ReFRACtor / ABSCO

Software that can generate a set of ABSoprtion COefficient tables that span the thermal IR to UV spectral range
Other
9 stars 4 forks source link

ABSoprtion COefficient (ABSCO) Table Generation


Contents

  1. Quickstart
  2. Introduction
  3. Dependencies
  4. Setup
  5. HITRAN Cross Sections
  6. Driver Script
  7. Output

Tables

AER-maintained Models
Configuration File Fields
Output netCDF Dimensions
Output netCDF Variables

Quickstart

Assuming the user has installed all dependencies, is using the gfortran compiler, and edited the configuration file to their liking (or is OK with using the default settings), the steps for a complete, out-of-the-box run of this library are:

  1. git clone --recursive git@github.com:ReFRACtor/ABSCO.git; cd ABSCO
  2. conda env create -n absco -f environment.yml
  3. conda activate absco
  4. ./build_models.py -c gfortran -i ABSCO_config.ini
  5. run_LBLRTM_ABSCO.py -e2e

Introduction

Software that can generate a set of ABSCO tables that span the thermal IR to UV spectral range.

Assuming the user has set the user.name and user.email Git configuration variables and has setup their Github account SSH keys, the repository can be cloned by using:

git clone --recursive git@github.com:ReFRACtor/ABSCO.git

Note the --recursive keyword -- it will force the clone to copy the necessary subroutines. Otherwise, the user will have to do (assuming the repository is just checked out with the default ABSCO name in the working directory):

cd ABSCO
git submodule update --init --recursive

Dependencies

This library depends on a number of standard Python libraries (os, sys, configparser, subprocess, glob, argparse), some widely distributed third-party libraries (see "Python Packages" subsection), and some ad hoc subroutines that are available as a GitHub repository in the AER-RC account (utils, RC_utils, lblTools). The latter modules are located in the common subdirectory, which is its own repository but also a submodule that is cloned along with the ABSCO repository if submodules are updated (e.g., --recursive clone). Additionally, some AER-maintained models and line parameters are required to run the ABSCO software.

Python Packages

The following libraries were installed with miniconda for Python 3.6.3:

More recent versions of the software gather the line file from a Zenodo archive with zenodo_get (v1.3.0). This library can be installed with pip, so it has been added to requirements.txt with the other packages that were miniconda installs.
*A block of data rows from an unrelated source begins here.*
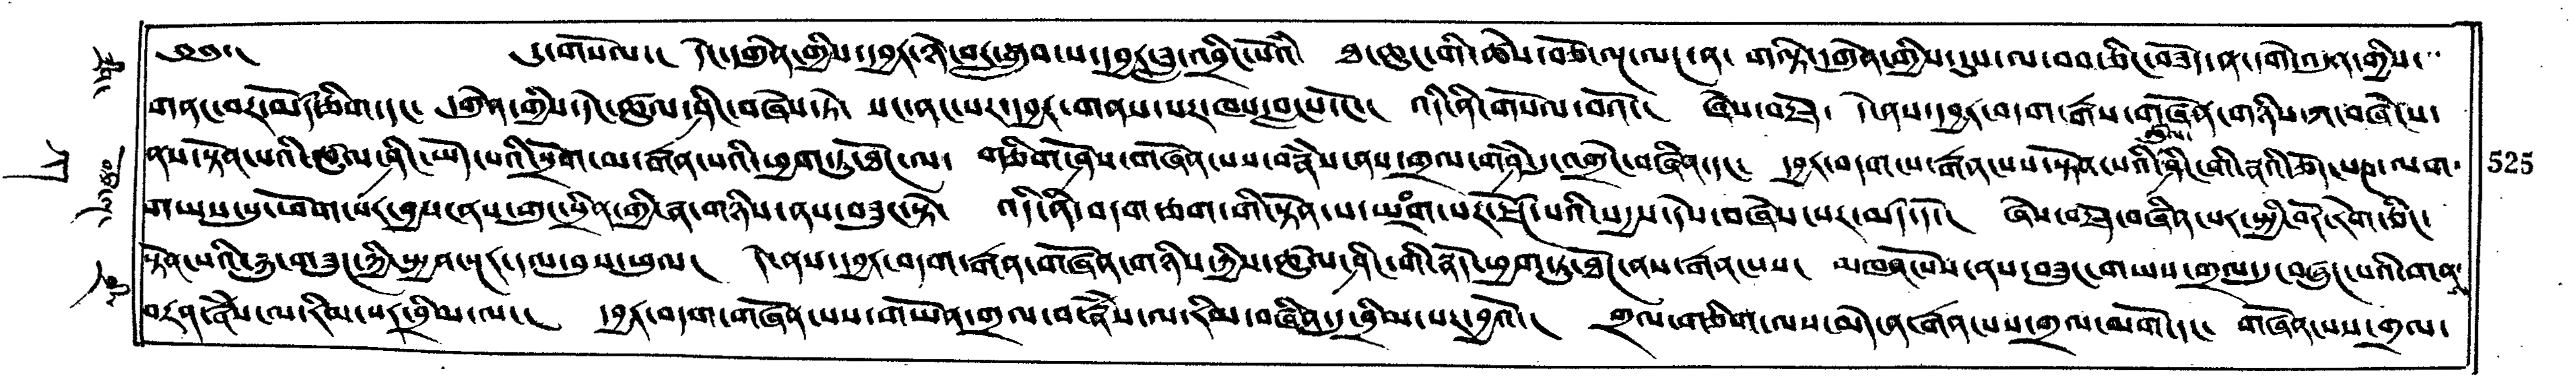དུ་གསོལ། དེང་དགེ་འདུན་གྱིས་དབྱར་ཉེ་བར་སྒྲུབ་པ་དབྱར་ཟླ་འབྲིང་པོའམ། ཐ་ཆུང་གི་ཚེས་བཅོ་ལྔ་ལགས་ན། གལ་ཏེ་དགེ་འདུན་གྱིས་དུས་ལ་བབ་ཅིང་བཟོད་ན་དགེ་འདུན་གྱིས་
གནང་བར་མཛོད་ཅིག་དང་། དགེ་འདུན་གྱིས་དེང་ཚུལ་ཤིང་བཞེས་ཏེ། སང་ནངས་པར་དབྱར་གནས་པར་ཁས་བླང་ངོ་།། འདི་ནི་གསོལ་བའོ།། ཞེས་བརྗོད། དེ་ནས་དབྱར་བདག་རྒན་གཞོན་གཉིས་ཀ་བཞེངས་
ནས་སྟོན་པའི་ཚུལ་ཤིང་ཡོད་པའི་སྲོག་མ་རྒན་པའི་ཕྱག་ཏུ་ཐོགས་ལ། གཅིག་ཤོས་གཞོན་པས་བསྣམས་ནས་གྲལ་གཤམ་དུ་འགྲེང་བཞིན་དང་། དབྱར་བདག་པ་རྒན་པས་སྟོན་པའི་ཚུལ་ཤིང་གི་སྣེའི་ཅོད་པན་ལག་
གཡས་སུ་ཕོག་པར་བྱས་ནས་གུང་སྲིན་གྱི་སྣེ་གཉིས་ནས་བཟུང་སྟེ། འདི་ནི་བདག་ཅག་གི་སྟོན་པ་ཡང་དག་པར་རྫོགས་པའི་སངས་རྒྱས་དེས་བཞེས་པར་མཛད་དོ།། ཞེས་བརྗོད་བཞིན་པར་སྤྱི་བོར་རེག་ཅིང་
སྟོན་པའི་སྐུ་གཟུགས་ཀྱི་སྤྱན་སྔར་དལ་བུས་ཕུལ། དེ་ནས་དབྱར་བདག་རྒན་གཞོན་གཉིས་ཀྱིས་ཚུལ་ཤིང་གི་སྣོད་ཕྱག་ཏུ་ཐོགས་ནས་རྒན་པས། མཁན་པོས་ནས་བཟུང་གཡས་གྲལ་དུ་བཞུགས་པའི་གནས་
བརྟན་རྣམས་ལ་རིམ་པར་བྲིམ་ལ། དབྱར་བདག་གཞོན་པས་གཡོན་གྲལ་བ་རྣམས་ལ་རིམ་བཞིན་དུ་བྲིམ་པར་བྱའོ།། གྲལ་གཅིག་ལས་མེད་ན་རྒན་པས་གྲལ་འགོ་དང་། གཞོན་པས་གྲལ་

All are used in this ABSCO library. The software is optimized for Python 3 usage -- Python 2 has not been tested and is not recommended.
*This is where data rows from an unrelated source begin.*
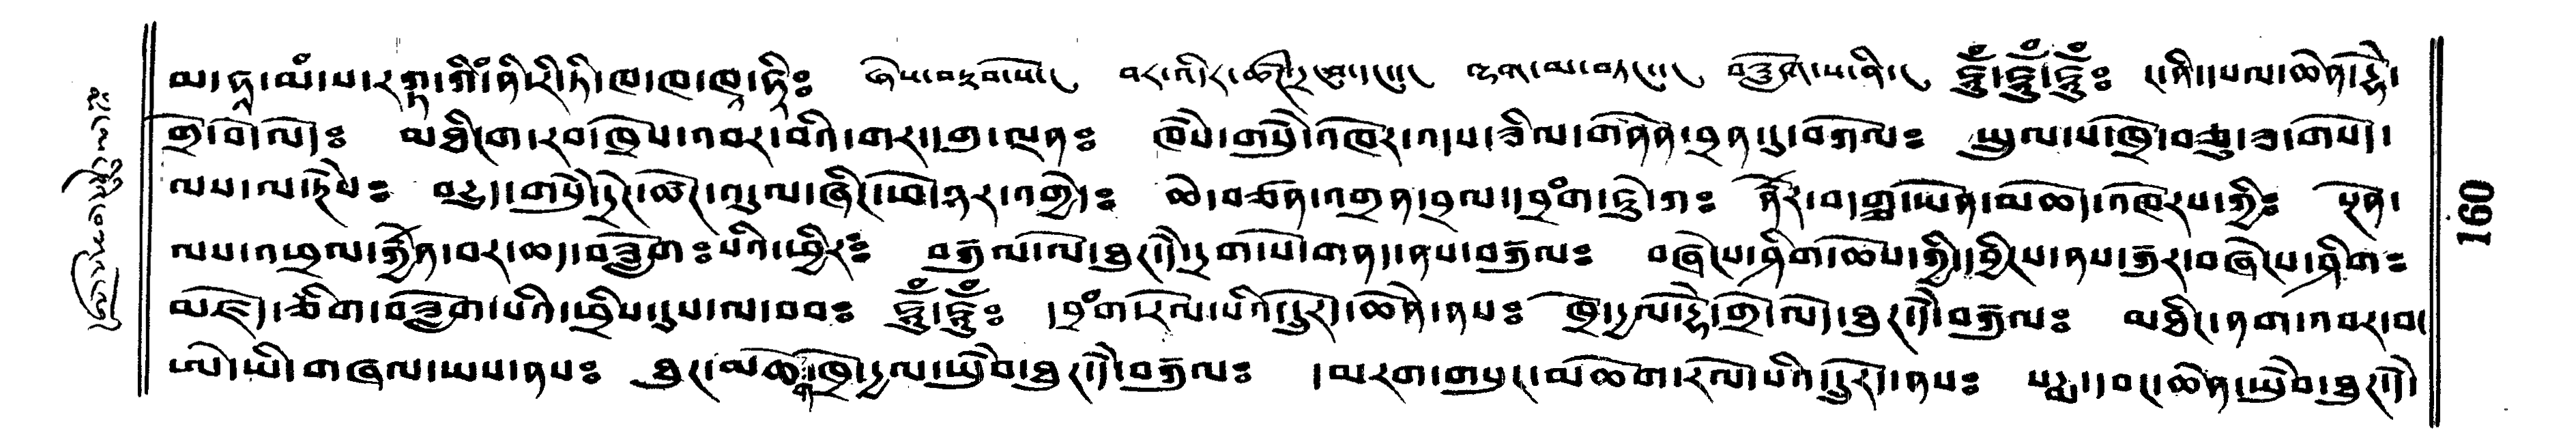མ་ཧཱ་མཾ་ས་རཀྟ་ཀིཾ་ནི་རི་ཏི་ཁ་ཁ་ཁཱ་ཧཱི༔ ཞེས་བསྟབ་པོ། བར་འདིར་ཚོགས་དྲང་བ་དང་། ལྷག་མ་བཏང་། བཟློག་པ་ནི། ཧཱུྃ་ཧཱུྃ་ཧཱུྃ༔ ང་ནི་དཔལ་ཆེན་རྡོ་རྗེ་
གྲོ་བོ་ལོད། མཐིང་ནག་རབ་ཁྲོས་འབར་བའི་གར་དགུ་ལྡན༔ ཁམས་གསུམ་འཁོར་འདས་ཟིལ་གནོན་བྲན་དུ་བཀོལ༔ སྤྲུལ་པ་ཁྲོ་བཅུ་ཟ་གསོད་
ལས་ལ་རྔམ༔ བརྒྱུད་གསུམ་དྲེགས་ཚོགས་འདུལ་ཞིང་ཕོ་ཉར་འགྱེད༔ ཆེ་བཙན་འགྲན་བྲལ་དབང་དྲག་ཧེ་རུ་ཀ༔ རྣལ་འབྱོར་བདག་ཅག་ཡོན་མཆོད་འཁོར་བཅས་ཀྱི༔ སྔོན་
ལས་འཕྲལ་རྐྱེན་བར་ཆད་བཟློག་ཿཔའི་ཕྱིར༔ བསྐུལ་ལོ་ཐུགས་དམ་དྲག་པོ་གནད་ནས་བསྐུལ༔ བཞེངས་ཤིག་ཆོས་ཀྱི་དབྱིངས་ནས་སྐུར་བཞེངས་ཤིག༔ 
མཛོད་ཅིག་བཟློག་པའི་ཕྲིན་ལས་དུས་ལ་བབ༔ ཧཱུྃ་ཧཱུྃ༔ དབང་དྲག་རོལ་པའི་དྲུར་ཁྲོད་ཆེན་པོ་ནས༔ ཁྲོ་རྒྱལ་རྡོ་རྗེ་གྲོ་ལོད་ཐུགས་དམ་བསྐུལ༔ མཐིང་ནག་འབར་བ་
ཨེ་ཡི་གཞལ་ཡས་ནས༔ ཐུགས་མཆོག་ཁྲོ་རྒྱལ་ཡབ་ཡུམ་ཐུགས་དམ་བསྐུལ༔ དམར་ནག་གསུང་མཆོག་རོལ་པའི་དུར་ཁྲོད་ནས༔ པདྨ་དབང་ཆེན་ཡབ་ཡུམ་ཐུགས་དམ་

LNFL, LBLRTM, and the AER Line File

LNFL (LiNe FiLe) FORTRAN code that converts ASCII text line parameter files to the binary files that LBLRTM expects (TAPE3) is located in its own repository. Because LNFL has been declared a submodule of the ABSCO library, using the --recursive keyword in the clone of this ABSCO repository will also clone the LNFL source code the is necessary. The source code is fetched and saved under the LNFL subdirectory.

LBLRTM (Line-By-Line Radiative Transfer Model) FORTRAN code also has its own Git repository and is a declared ABSCO submodule. It is stored under the LBLRTM subdirectory. LBLRTM in the context of this software simply calculates optical depth at specified pressures, temperatures, and spectral ranges.

The AER line parameter database (LPD) is distributed as a set of ASCII text files in the AER_Line_File directory. Initially, Verison 3.6 of the LPD was available on the AER external Git server and linked as a submodule of this ABSCO repository (so a --recursive clone would take care of this dependency as well). As of LPD v3.7, the dataset should no longer be retrieved from Git. Rather, it is archived as a dataset in Zenodo -- archiving this way makes the ABSCO repository completely open and allows for easier implementation of updated line file releases. The Zenodo request is handled internally in build_models.py, which will be described shortly.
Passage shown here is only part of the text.